— Your goal —
Word for word, and with pictures excluded, copy out all the records that follow.

(Dataset items)
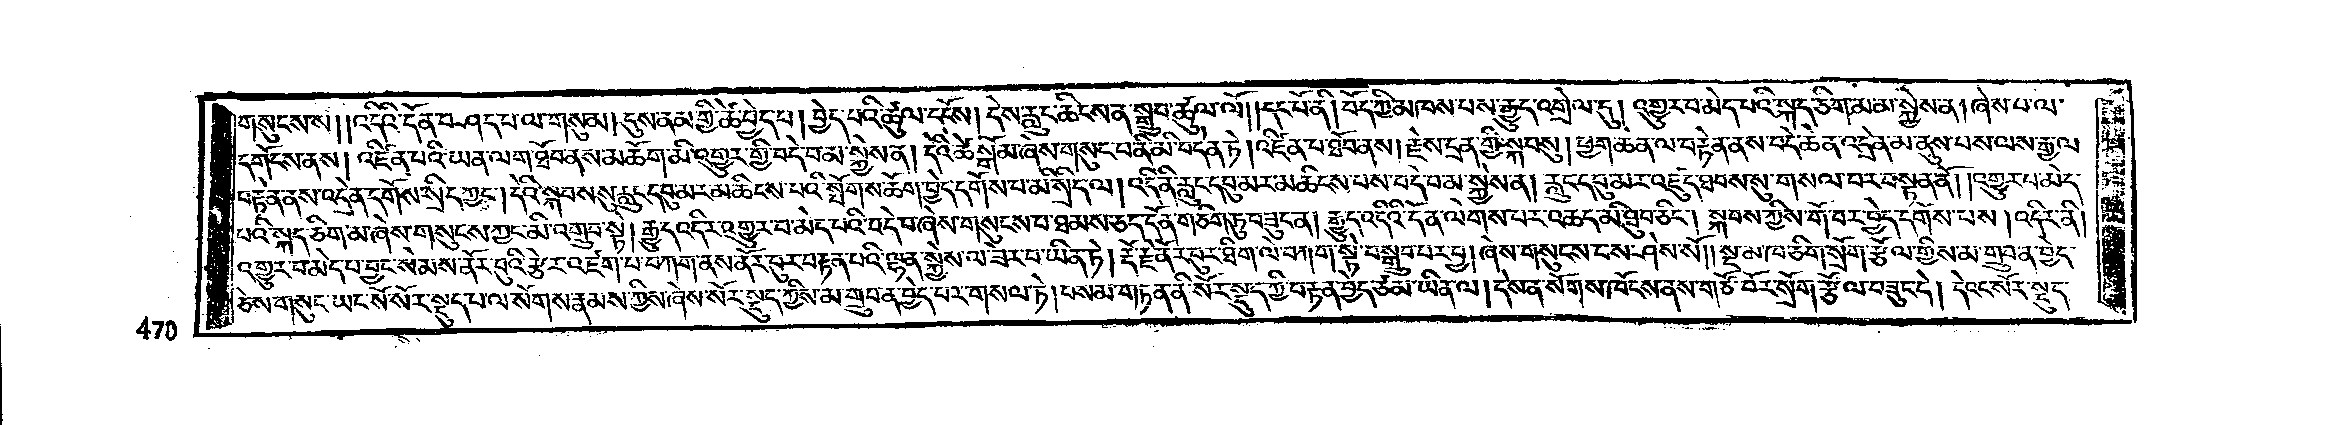གསུངས་སོ། །འདིའི་དོན་བཤད་པ་ལ་གསུམ། དུས་ནམ་གྱི་ཚེ་བྱེད་པ། བྱེད་པའི་ཚུལ་དངོས། དེས་རླུང་ཆིངས་ན་སྒྲུབ་ཚུལ་ལོ། །དང་པོ་ནི། བོད་ཀྱི་མཁས་པས་རྒྱུད་འགྲེལ་དུ། འགྱུར་བ་མེད་པའི་སྐད་ཅིག་མ་མ་སྐྱེས་ན། ཞེས་པ་ལ་
དགོངས་ནས། འཛིན་པའི་ཡན་ལག་ཐོབ་ནས་མཆོག་མི་འགྱུར་གྱི་བདེ་བ་མ་སྐྱེས་ན། དེའི་ཚེ་སྒོམ་ཞེས་གསུང་པ་ནི་མི་བདེན་ཏེ། འཛིན་པ་ཐོབ་ནས། རྗེས་དྲན་གྱི་སྐབས་སུ། ཕྱག་ཆེན་ལ་བརྟེན་ནས་བདེ་ཆེན་འདྲེན་མ་ནུས་པས་ལས་རྒྱ་ལ་
བརྟེན་ནས་འདྲེན་དགོས་སྲིད་ཀྱང་། དེའི་སྐབས་སུ་རླུང་དབུ་མར་མ་ཆིངས་པའི་སྤོགས་ཆོག་བྱེད་དགོས་པ་མི་སྲིད་ལ། འདི་ནི་རླུང་དབུ་མར་མཆིངས་པས་བདེ་བ་མ་སྐྱེས་ན། རླུང་དབུ་མར་འཛུད་ཐབས་སུ་གསལ་བར་བསྟན་ནོ། །འགྱུར་པ་མེད་
པའི་སྐད་ཅིག་མ་ཞེས་གསུངས་ཀྱང་མི་འགྲུབ་སྟེ། རྒྱུད་འདིར་འགྱུར་བ་མེད་པའི་བདེ་བ་ཞེས་གསུངས་པ་ཐམས་ཅད་དོན་གཅིག་ཏུ་བཟུང་ན། རྒྱུད་འདིའི་དོན་ལེགས་པར་འཆད་མི་ཐུབ་ཅིང་། སྐབས་ཀྱིས་གོ་བར་བྱེད་དགོས་པས། འདིར་ནི།
འགྱུར་བ་མེད་པ་བྱང་སེམས་ནོར་བུའི་རྩེར་འཛག་པ་བཀག་ནས་ནོར་བུར་བརྟན་པའི་ལྷན་སྐྱེས་ལ་ཟེར་བ་ཡིན་ཏེ། རྡོ་རྗེ་ནོར་བུར་ཐིག་ལེ་བཀག་སྟེ་བསྒྲུབ་པར་བྱ། ཞེས་གསུངས་པས་ཤེས་སོ། །སྔ་མ་ཁ་ཅིག་སྲོག་རྩོལ་གྱིས་མ་གྲུབ་ན་བྱེད་
ཅེས་གསུངས་ཡང་སོ་སོར་སྡུད་པ་ལ་སོགས་རྣམས་ཀྱིས་ཞེས་སོར་སྡུད་ཀྱིས་མ་གྲུབ་ན་བྱེད་པར་གསལ་ཏེ། བསམ་གཏན་ནི་སོར་སྡུད་ཀྱི་བརྟན་བྱེད་ཙམ་ཡིན་ལ། དེས་ན་སོགས་ཁོངས་ནས་གཙོ་བོར་སྲོག་རྩོལ་བཟུང་དེ། དེའང་སོར་སྡུད་

— Expected answer —
གསུངས་སོ། །འདིའི་དོན་བཤད་པ་ལ་གསུམ། དུས་ནམ་གྱི་ཚེ་བྱེད་པ། བྱེད་པའི་ཚུལ་དངོས། དེས་རླུང་ཆིངས་ན་སྒྲུབ་ཚུལ་ལོ། །དང་པོ་ནི། བོད་ཀྱི་མཁས་པས་རྒྱུད་འགྲེལ་དུ། འགྱུར་བ་མེད་པའི་སྐད་ཅིག་མ་མ་སྐྱེས་ན། ཞེས་པ་ལ་
དགོངས་ནས། འཛིན་པའི་ཡན་ལག་ཐོབ་ནས་མཆོག་མི་འགྱུར་གྱི་བདེ་བ་མ་སྐྱེས་ན། དེའི་ཚེ་སྒོམ་ཞེས་གསུང་པ་ནི་མི་བདེན་ཏེ། འཛིན་པ་ཐོབ་ནས། རྗེས་དྲན་གྱི་སྐབས་སུ། ཕྱག་ཆེན་ལ་བརྟེན་ནས་བདེ་ཆེན་འདྲེན་མ་ནུས་པས་ལས་རྒྱ་ལ་
བརྟེན་ནས་འདྲེན་དགོས་སྲིད་ཀྱང་། དེའི་སྐབས་སུ་རླུང་དབུ་མར་མ་ཆིངས་པའི་སྤོགས་ཆོག་བྱེད་དགོས་པ་མི་སྲིད་ལ། འདི་ནི་རླུང་དབུ་མར་མཆིངས་པས་བདེ་བ་མ་སྐྱེས་ན། རླུང་དབུ་མར་འཛུད་ཐབས་སུ་གསལ་བར་བསྟན་ནོ། །འགྱུར་པ་མེད་
པའི་སྐད་ཅིག་མ་ཞེས་གསུངས་ཀྱང་མི་འགྲུབ་སྟེ། རྒྱུད་འདིར་འགྱུར་བ་མེད་པའི་བདེ་བ་ཞེས་གསུངས་པ་ཐམས་ཅད་དོན་གཅིག་ཏུ་བཟུང་ན། རྒྱུད་འདིའི་དོན་ལེགས་པར་འཆད་མི་ཐུབ་ཅིང་། སྐབས་ཀྱིས་གོ་བར་བྱེད་དགོས་པས། འདིར་ནི།
འགྱུར་བ་མེད་པ་བྱང་སེམས་ནོར་བུའི་རྩེར་འཛག་པ་བཀག་ནས་ནོར་བུར་བརྟན་པའི་ལྷན་སྐྱེས་ལ་ཟེར་བ་ཡིན་ཏེ། རྡོ་རྗེ་ནོར་བུར་ཐིག་ལེ་བཀག་སྟེ་བསྒྲུབ་པར་བྱ། ཞེས་གསུངས་པས་ཤེས་སོ། །སྔ་མ་ཁ་ཅིག་སྲོག་རྩོལ་གྱིས་མ་གྲུབ་ན་བྱེད་
ཅེས་གསུངས་ཡང་སོ་སོར་སྡུད་པ་ལ་སོགས་རྣམས་ཀྱིས་ཞེས་སོར་སྡུད་ཀྱིས་མ་གྲུབ་ན་བྱེད་པར་གསལ་ཏེ། བསམ་གཏན་ནི་སོར་སྡུད་ཀྱི་བརྟན་བྱེད་ཙམ་ཡིན་ལ། དེས་ན་སོགས་ཁོངས་ནས་གཙོ་བོར་སྲོག་རྩོལ་བཟུང་དེ། དེའང་སོར་སྡུད་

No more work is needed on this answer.